INFORMATION PROVIDED: Begin

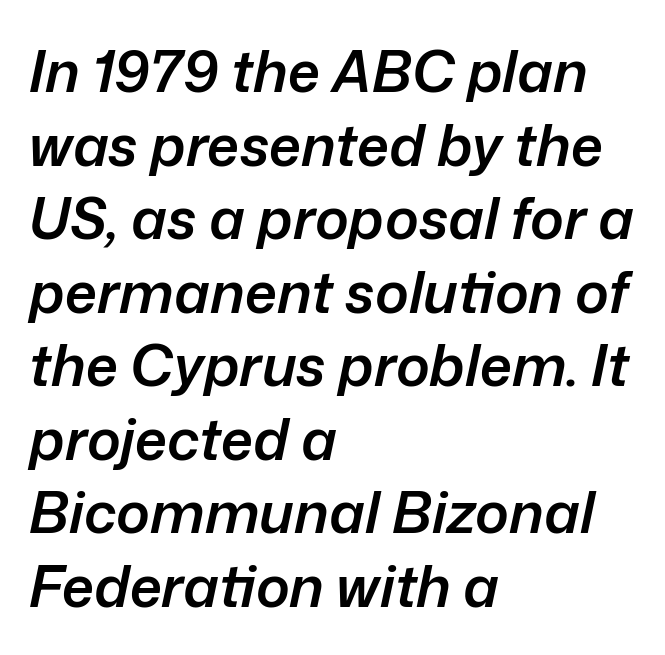
Q: Is the text bold? A: Semi-bold.
Q: Is the text italic (slanted)? A: Yes, it leans right by about 12 degrees.
Q: Is the text underlined? A: No.
Q: How is the paragraph aligned? A: Left-aligned.
Q: Is the spacing between letters normal or unusually wide? A: Normal.
Q: Is the spacing between lines tight, normal or loose? A: Normal.
Q: Width (condensed, normal, or wide)? A: Normal.
Q: Stroke contrast? A: Low.
Q: x-height? A: Medium.
Q: Monospaced? A: No.
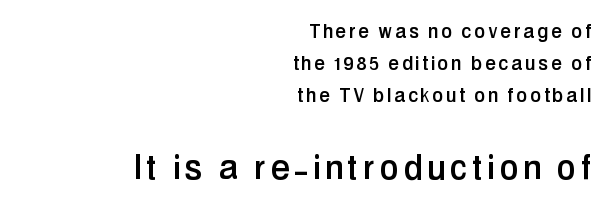
The glyphs in this specimen are sans serif. Character widths vary here, with narrow letters taking less room than wide ones. In terms of posture, this sample is upright. This sample is right-justified, so line beginnings fall wherever the words allow. The space directly below the letters is spotless. Here the second block reads like a headline and the first like body copy.

INFORMATION PROVIDED: End

### TASK INSTRUCTIONS
Without the pictures, give every line above again exactly.

### WRITTEN SOLUTION
Q: Is the text bold? A: Semi-bold.
Q: Is the text italic (slanted)? A: Yes, it leans right by about 12 degrees.
Q: Is the text underlined? A: No.
Q: How is the paragraph aligned? A: Left-aligned.
Q: Is the spacing between letters normal or unusually wide? A: Normal.
Q: Is the spacing between lines tight, normal or loose? A: Normal.
Q: Width (condensed, normal, or wide)? A: Normal.
Q: Stroke contrast? A: Low.
Q: x-height? A: Medium.
Q: Monospaced? A: No.
The glyphs in this specimen are sans serif. Character widths vary here, with narrow letters taking less room than wide ones. In terms of posture, this sample is upright. This sample is right-justified, so line beginnings fall wherever the words allow. The space directly below the letters is spotless. Here the second block reads like a headline and the first like body copy.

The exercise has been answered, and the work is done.